Can computers comprehend?
Computers can fly airplanes, predict the paths of hurricanes, and beat the best human chess players, but they can't yet do something even small children can do: hold a natural-sounding conversation. To help the rest of us understand the challenge, Associate Professor of Computer Science Lillian Lee demonstrates her point in a 2001 essay with a sentence that can be interpreted in at least ways: At last, a computer that understands you like your mother.

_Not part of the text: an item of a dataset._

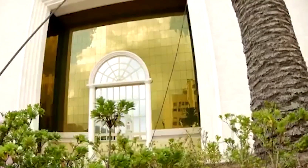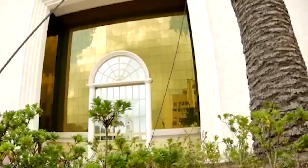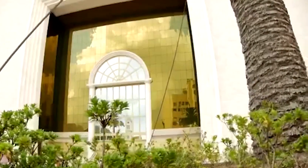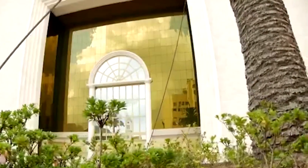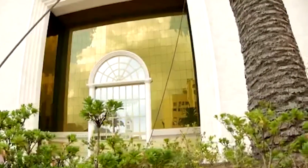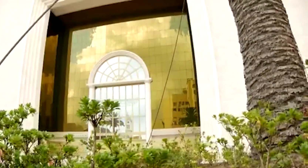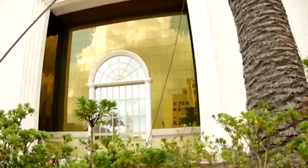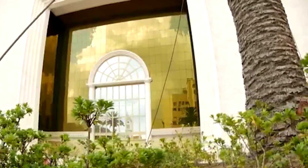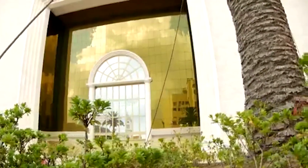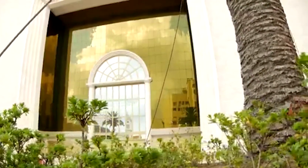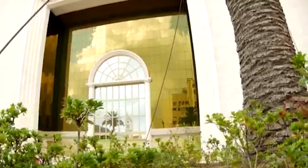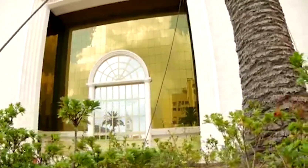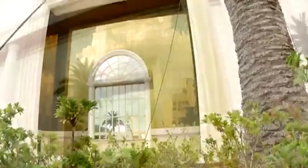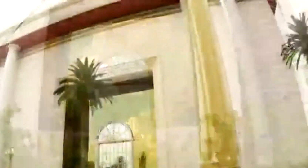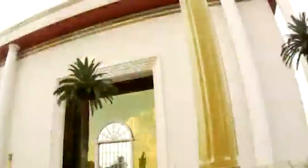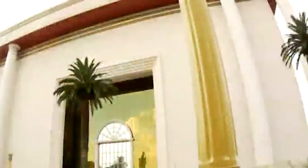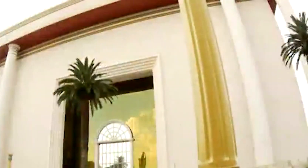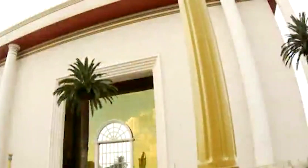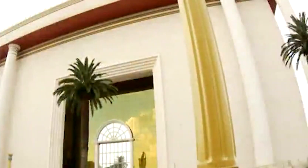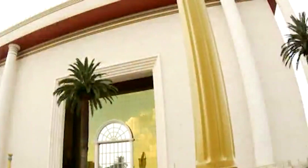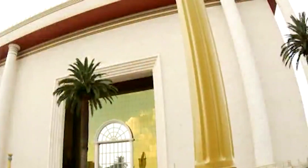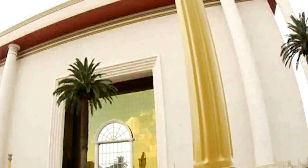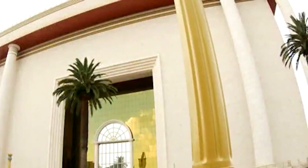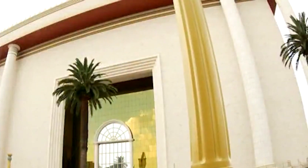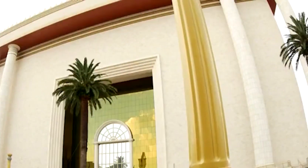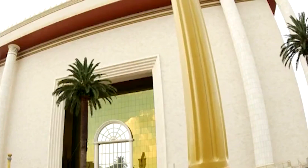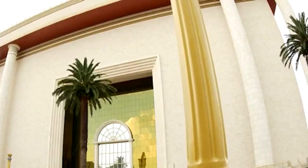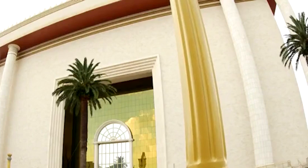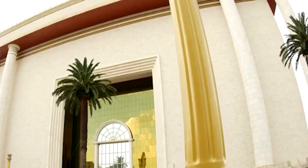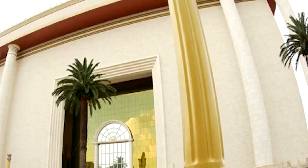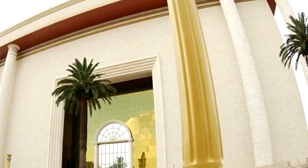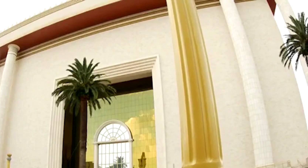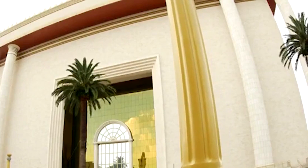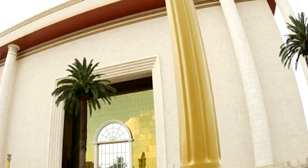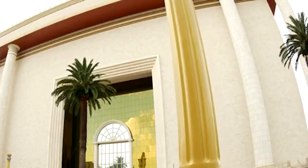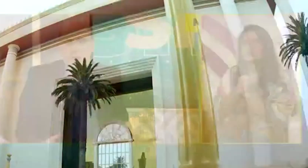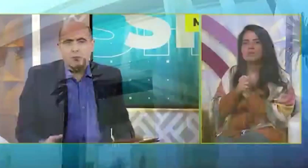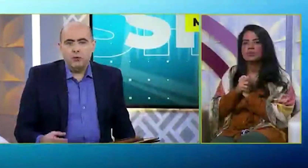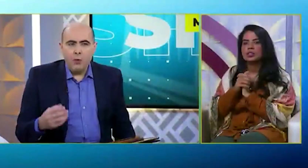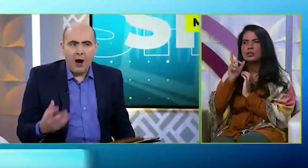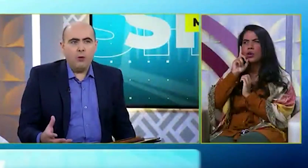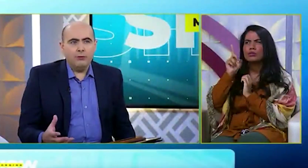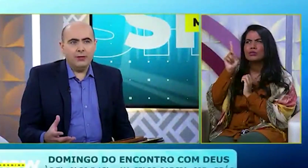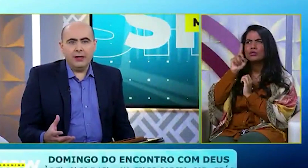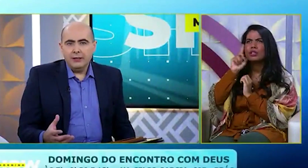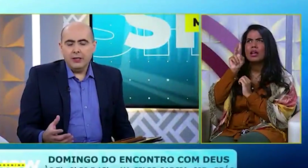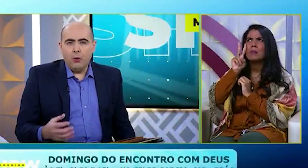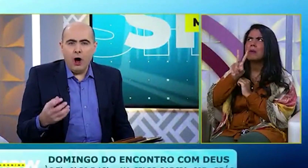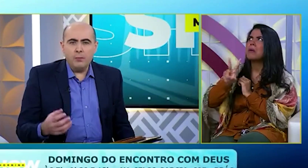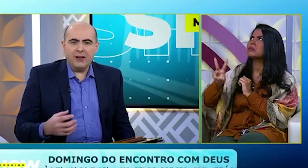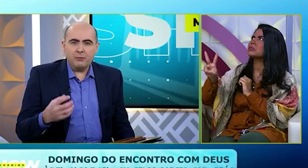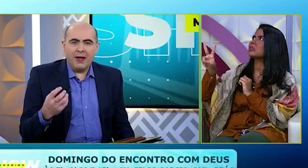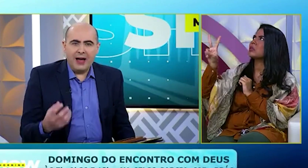Praticamente todos os dias, Eu passo pela esplanada. E eu olho E digo assim, Uau! Uau! Né?

“That very sentence illustrates the host of difficulties that arise in trying to analyze human utterances,” writes Lee. “A moment's reflection reveals that the sentence admits at least three different interpretations … .”
- It could refer to a computer that understands you as well as your mother does.
- It could also refer to a computer that appreciates your affection for your mother.
- And, finally, it could be referring to a computer that understands you as well as it understands your mother.
Lee continues, “…the sentence is ambiguous, and yet we humans seem to instantaneously rule out all the alternatives except the first … . We do so based on a great deal of background knowledge. How are we to get such information into a computer?”
How indeed? Programming a computer with the totality of physical, social, and cultural knowledge available to humans would be a stupendous, perhaps impossible task. Researchers in the field of Natural Language Processing (NLP) have therefore preferred to seek more efficient approaches, either by parsing language into a formal, logical system, or by studying and applying the statistical structure of actual utterances. Lee has been taking the latter approach in her NLP work, using what she calls “knowledge lean” methods. The techniques sound opaque—“Subspace Projection,” “Iterative Residual Re-Scaling,” “Boolean Matrix Multiplication” (papers)—but the upshot is to help computer systems acquire linguistic expertise without expensive, tedious intervention by human interpreters.
The effort has already borne fruit: Lee notes that sophisticated statistical models, large samples of real human speech, and ever-improving techniques for computer learning have “led to our achieving the milestone of commercial-grade speech recognition products capable of handling continuous speech ranging over a large vocabulary.”
Lee has also been focusing on such applications as automated construction of thesauri and teaching computers to find word boundaries in “segmentless” languages like Japanese, characterized by hard-to-find spaces between words. Computers must be taught to compensate for this. There's still much work to do, however, before users can actually converse with their computers, a la HAL-9000 in the classic film 2001: A Space Odyssey. Understanding human utterances, after all, entails more than observing word frequencies, including grasping matters like subtext and rhetorical devices such as sarcasm and understatement.
“That is language ‘in the wild,'” she says. “You can't get away from it.”